I am not sure how gorging on some of the best food in the world and throwing on a bikini to ride some of the largest waves in the Atlantic co-exist, but San Sebastian certainly makes you want to do it all!
Certainly, the crescent shaped main beach, La Concha, is the signature San Sebastian shot and soaking up rays here is a must or for the more wild-side, head to the “Surfers” beach at La Zurriola. (Incidentally, this is where the locals go so eating pintxos in Gros vs. Old town will cut your costs immensely!)
But those really in the know travel to San Sebastian to eat like kings.
Tapas in the Basque country are called Pintxos and you just belly up to the bar and take what you like – each one more gorgeous than the next. One can live on the nightly Pintxos crawl here, but you might feel guilty if you don’t splurge and book a table at one of the famous Michelin Star restaurants that this town is so known for (Did you know there are more Michelin Stars in San Sebastian than in any other city in the world!? – PLAN IN ADVANCE, to insure a table!)
We enjoyed an incredible evening of dining at Three-Michelin Star – Arzak, currently rated number 8 in the world.
Pay homage to the father of modern Basque cooking. For 30 years, Juan Mari Arzak, a mentor of Ferran Adrià, has been showing off his technical wizardry and culinary humor at his namesake restaurant, Arzak (Avenida Alcalde Jose Elosegui – www.arzak.es), a three-Michelin-star institution in an old country house. Mr. Arzak is now joined in the kitchen by his daughter Elena, who has kept the creative juices flowing. A recent 12-course tasting menu (190 euros) included a wonderful poached apple with foie gras yogurt and red berries dipped in liquid nitrogen, followed by a succulent lobster claw dusted with powderized olive oil and drenched in an onion-vermouth broth. Desserts were equally fanciful: grapelike dumplings filled with melted chocolate, ice cream made from cheese, and a vaporizing piña colada.

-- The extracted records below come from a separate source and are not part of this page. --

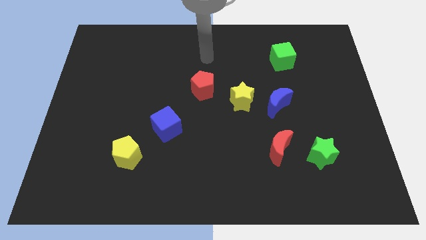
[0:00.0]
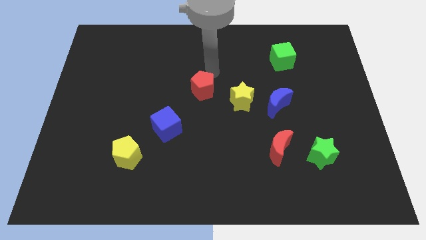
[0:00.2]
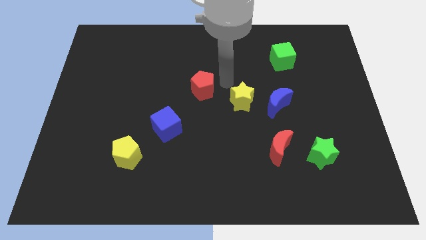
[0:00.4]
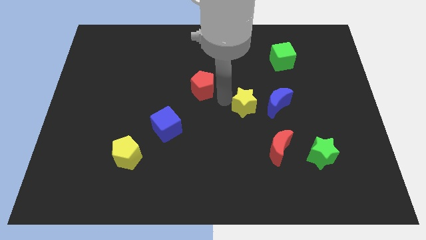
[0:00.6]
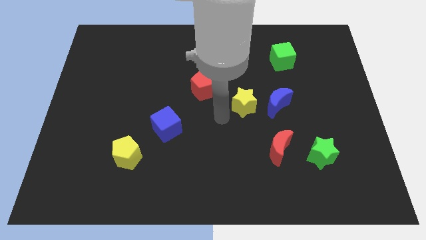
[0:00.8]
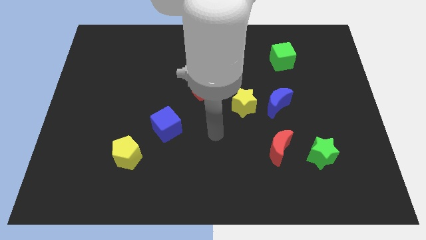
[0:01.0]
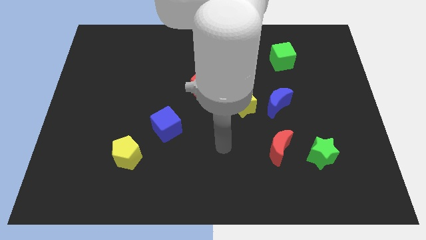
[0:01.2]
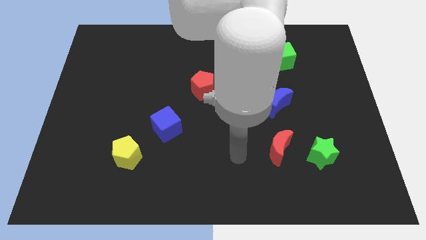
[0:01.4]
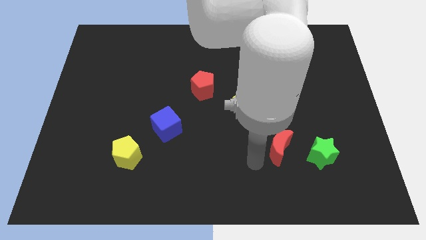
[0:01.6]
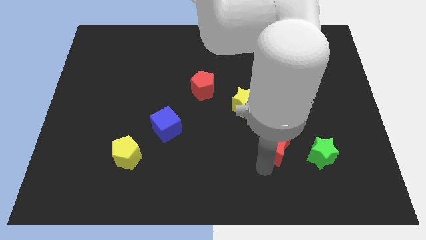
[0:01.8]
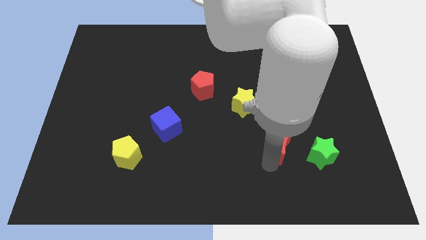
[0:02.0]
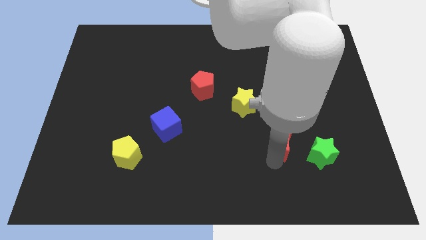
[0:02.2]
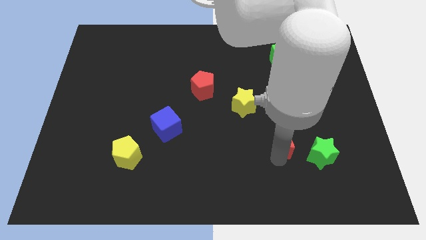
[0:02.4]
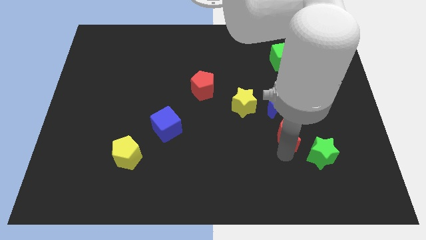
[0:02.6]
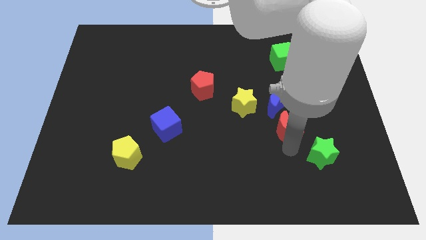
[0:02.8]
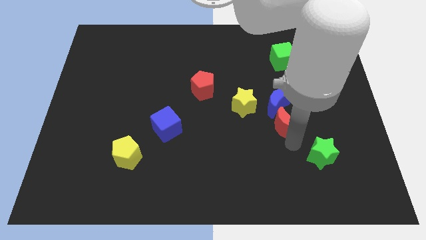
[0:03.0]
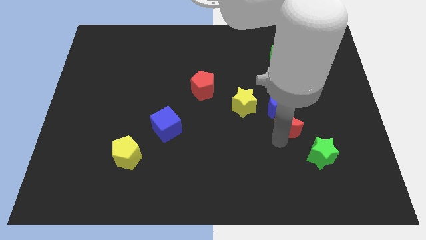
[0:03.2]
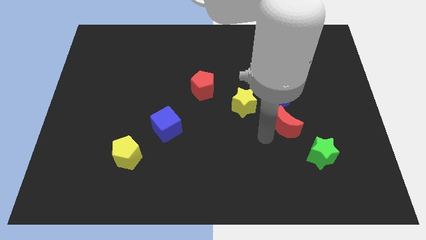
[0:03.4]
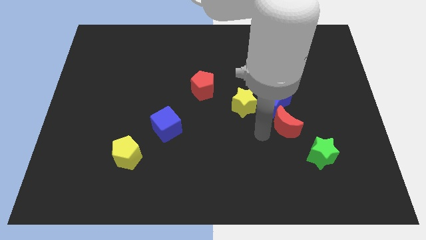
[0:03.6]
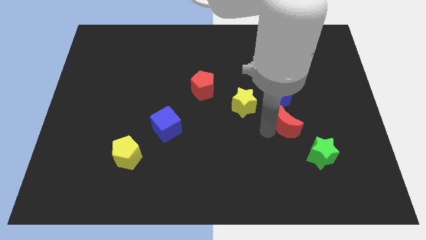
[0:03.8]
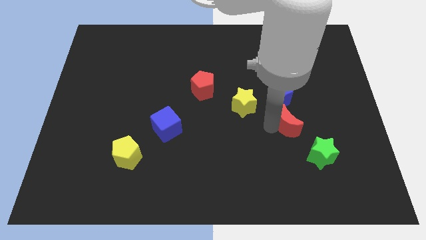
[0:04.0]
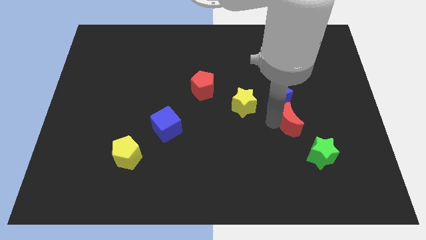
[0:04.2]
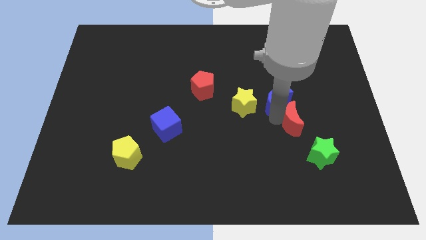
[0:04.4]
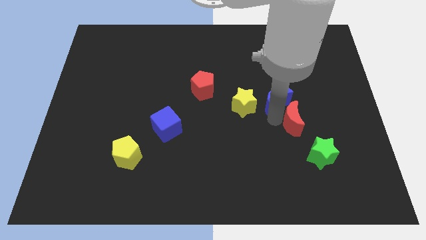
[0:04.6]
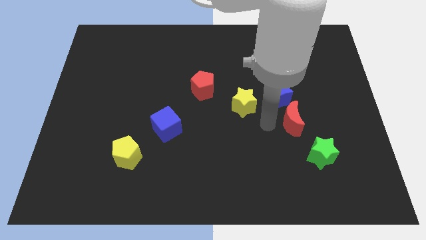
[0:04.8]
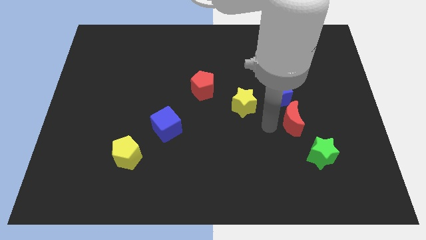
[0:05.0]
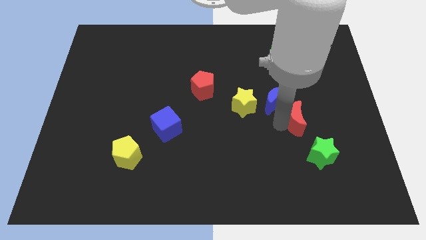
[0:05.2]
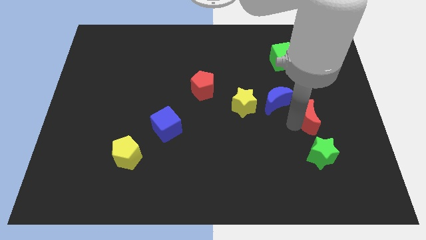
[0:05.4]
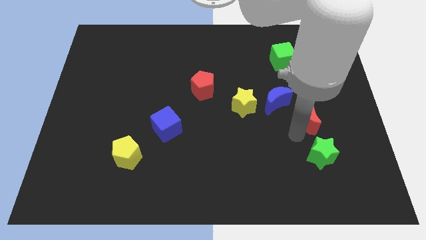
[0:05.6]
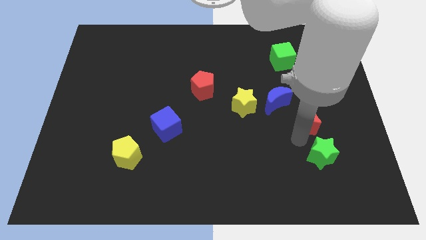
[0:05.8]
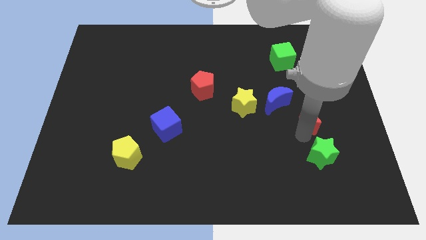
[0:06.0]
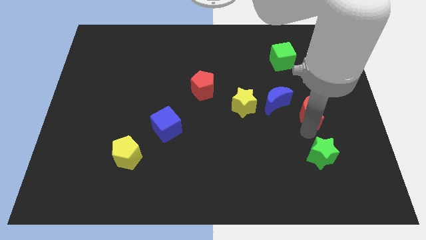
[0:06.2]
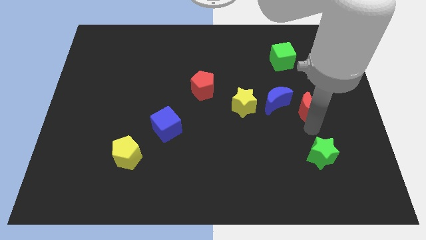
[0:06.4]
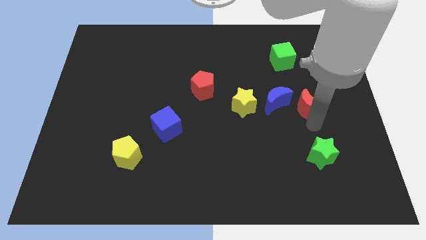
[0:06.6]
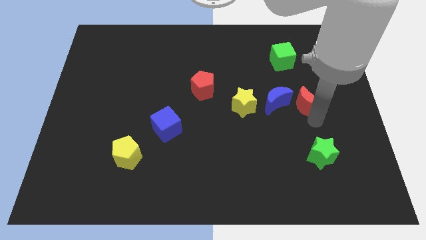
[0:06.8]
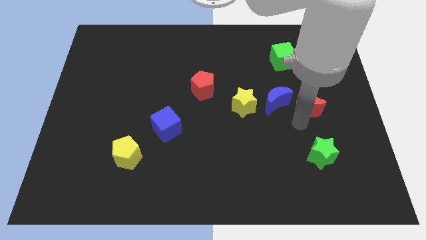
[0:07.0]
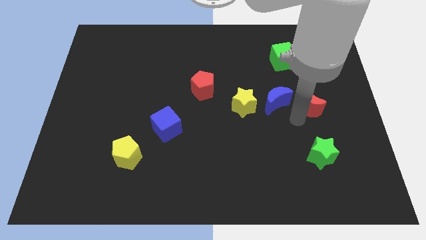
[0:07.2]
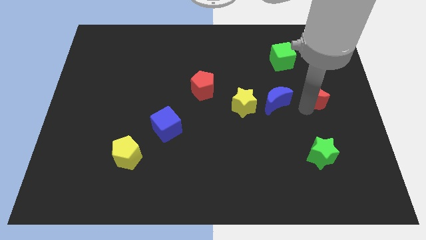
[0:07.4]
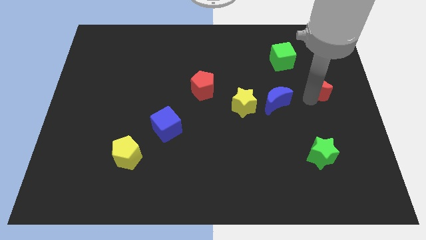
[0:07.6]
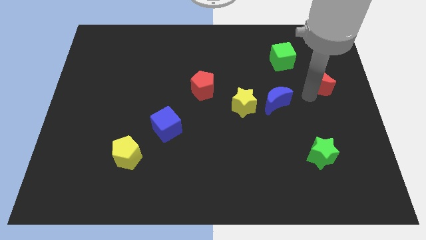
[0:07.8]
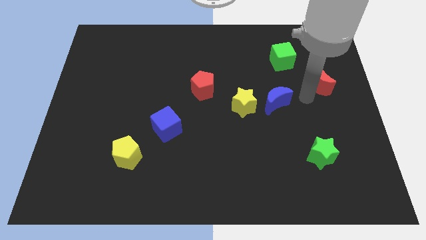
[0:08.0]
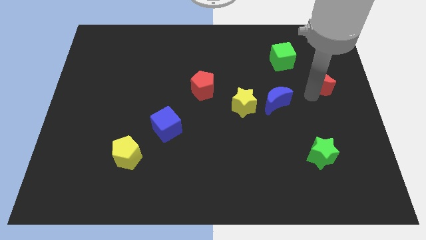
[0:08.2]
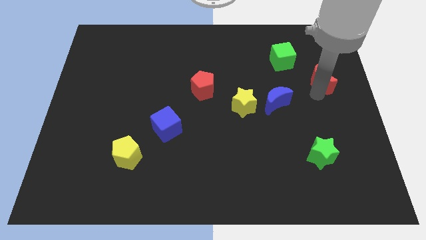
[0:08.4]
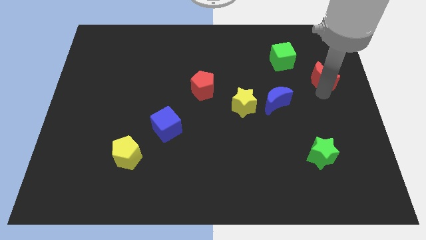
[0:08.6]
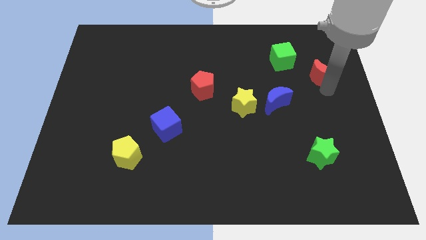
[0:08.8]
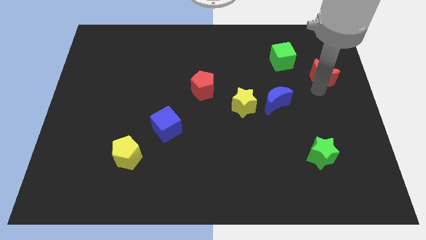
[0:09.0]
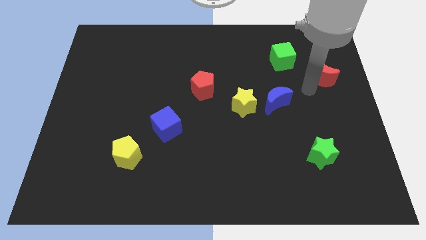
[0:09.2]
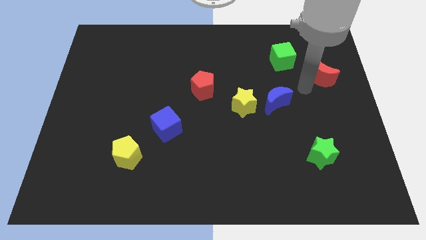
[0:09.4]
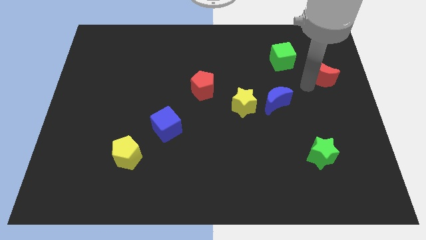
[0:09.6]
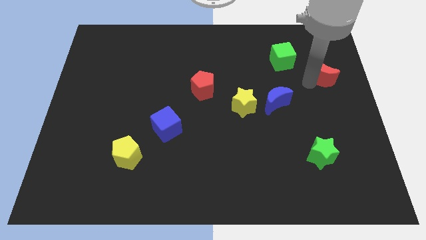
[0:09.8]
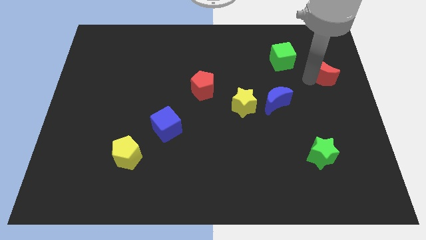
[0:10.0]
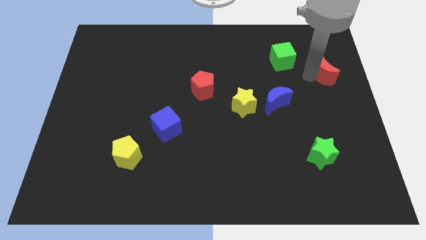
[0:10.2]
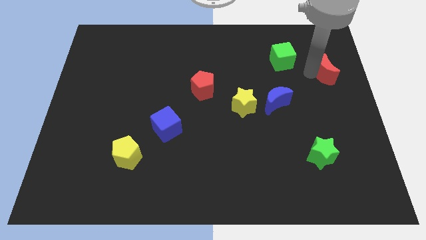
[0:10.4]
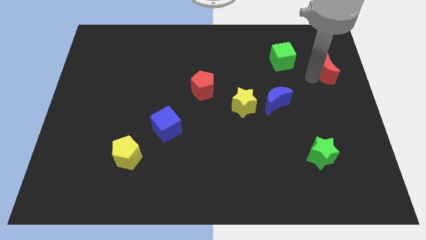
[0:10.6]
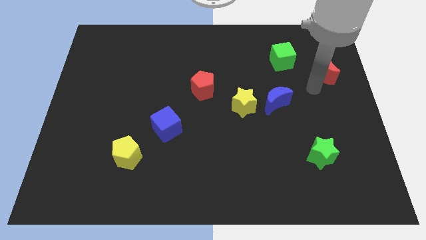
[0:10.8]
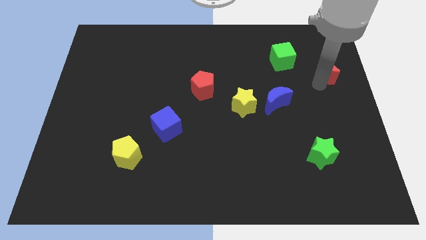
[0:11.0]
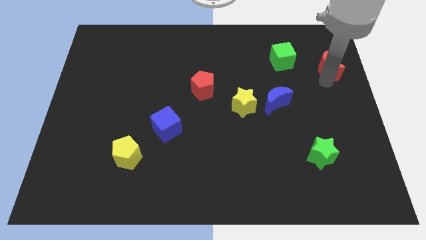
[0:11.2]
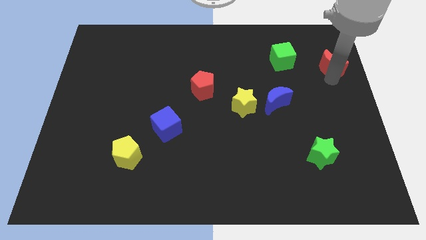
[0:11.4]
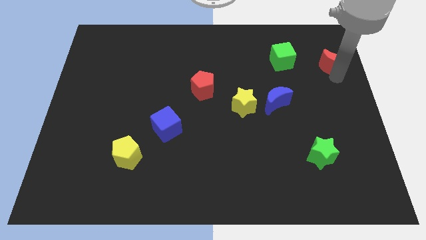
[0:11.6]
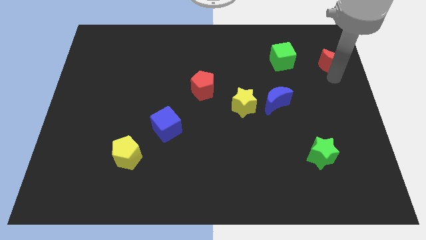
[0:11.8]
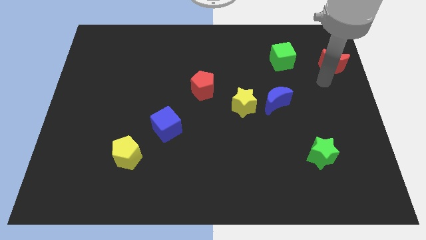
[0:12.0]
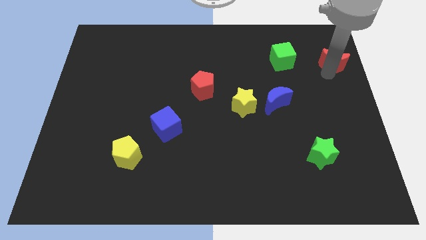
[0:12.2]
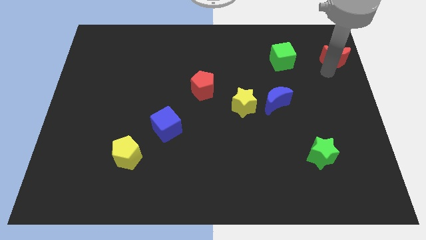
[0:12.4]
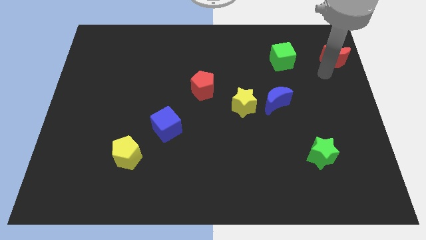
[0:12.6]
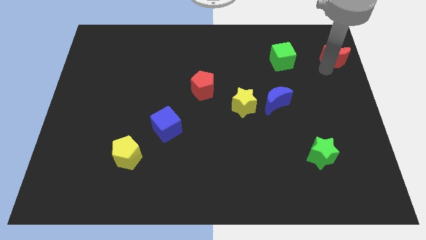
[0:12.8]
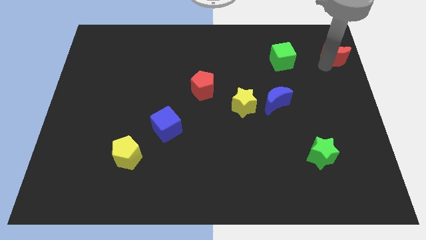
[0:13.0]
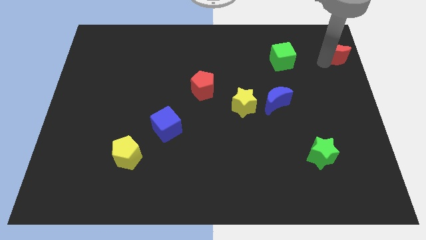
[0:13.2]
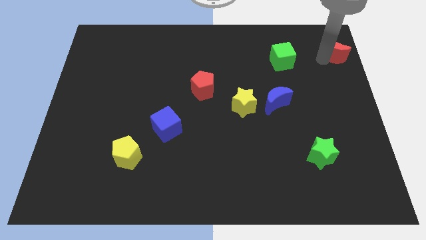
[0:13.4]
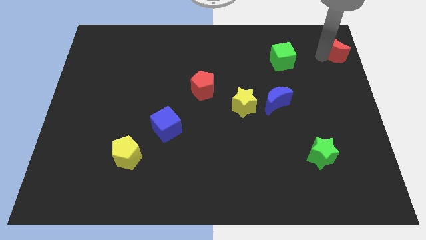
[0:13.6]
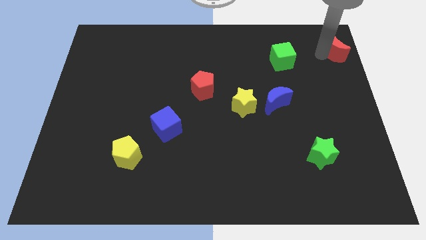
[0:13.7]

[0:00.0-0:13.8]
move the red moon to the top right of the board

Here is what we had, each plate prettier than the next –
Plenty of little seafood joints abound – the Basque country has some of the best fish and seafood in the world – I think we tried it all! One of our favorites on the Pier, Sebastians….
Ok, so yes, we did work out at least 12 times during our three week Spanish journey, a real must when you are eating like the Spanish – three meals a day with tapas in between! And being active in San Sebastian is easy. Long jogs on the river, cycling along the beach, some fantastic hikes, swimming, wave hopping and surfing- what do you fancy?
Suit up the whole family with some locally-made Espadrilles at Estrada – Here are the Madrids showing offf our purchases.
Evening Walks along the River are a daily past time
Or a pintxos-infused stroll through the fantastic Parte Vieja – Old town – This is the place to settle in for a week. But high season fills up quickly. Let me know if interested and I can recommend the best properties from beach front and fun, grand and glamorous, or a fine boutique home. On this trip, we opted for a VERY WELL located apartment on the river for easy walks to it all.
Tapas or Pintxos – be adventuresome – try them all, you will find your favorites. Never stay more than 15 minutes or so. If a place has lots of napkins on the floor, it is a hot spot, you and ought to stop in!
Our favorites –
Hidalgo 56 – Located in Gros at Paseo de Colon, 16 – www.hidalgo56.com – OUR FAVORITE!! and more locals frequent Gros vs. Old Town
Taberna Aralar – Calle Puerto, 10 – Old Town – our favorite in Old Town!
Bodega Donostiarra – Calle Pena y Goni, 13 – fabulous tapas and superb price!!
Sebastian – Muelle 14 (right on the wharf so the freshest! but many good places right here to try)
Traditional Basque Cooking – Juanito Kojua, Calle Puerto, 14
Michelin Star dining – there are many but put your request in the same time you book your flights – or you wont get a table. We loved Arzak – http://www.arzak.info/index.html
Hotels – I have visited the good ones and they are all quite different, I can help you find the perfect location and fit. High Season is June-August – book early and be prepared to pay peak, otherwise come in May or September.
The Basque consider themselves Basque, rather than Spanish, but everyone will be glad to speak to you in Spanish and sometimes English.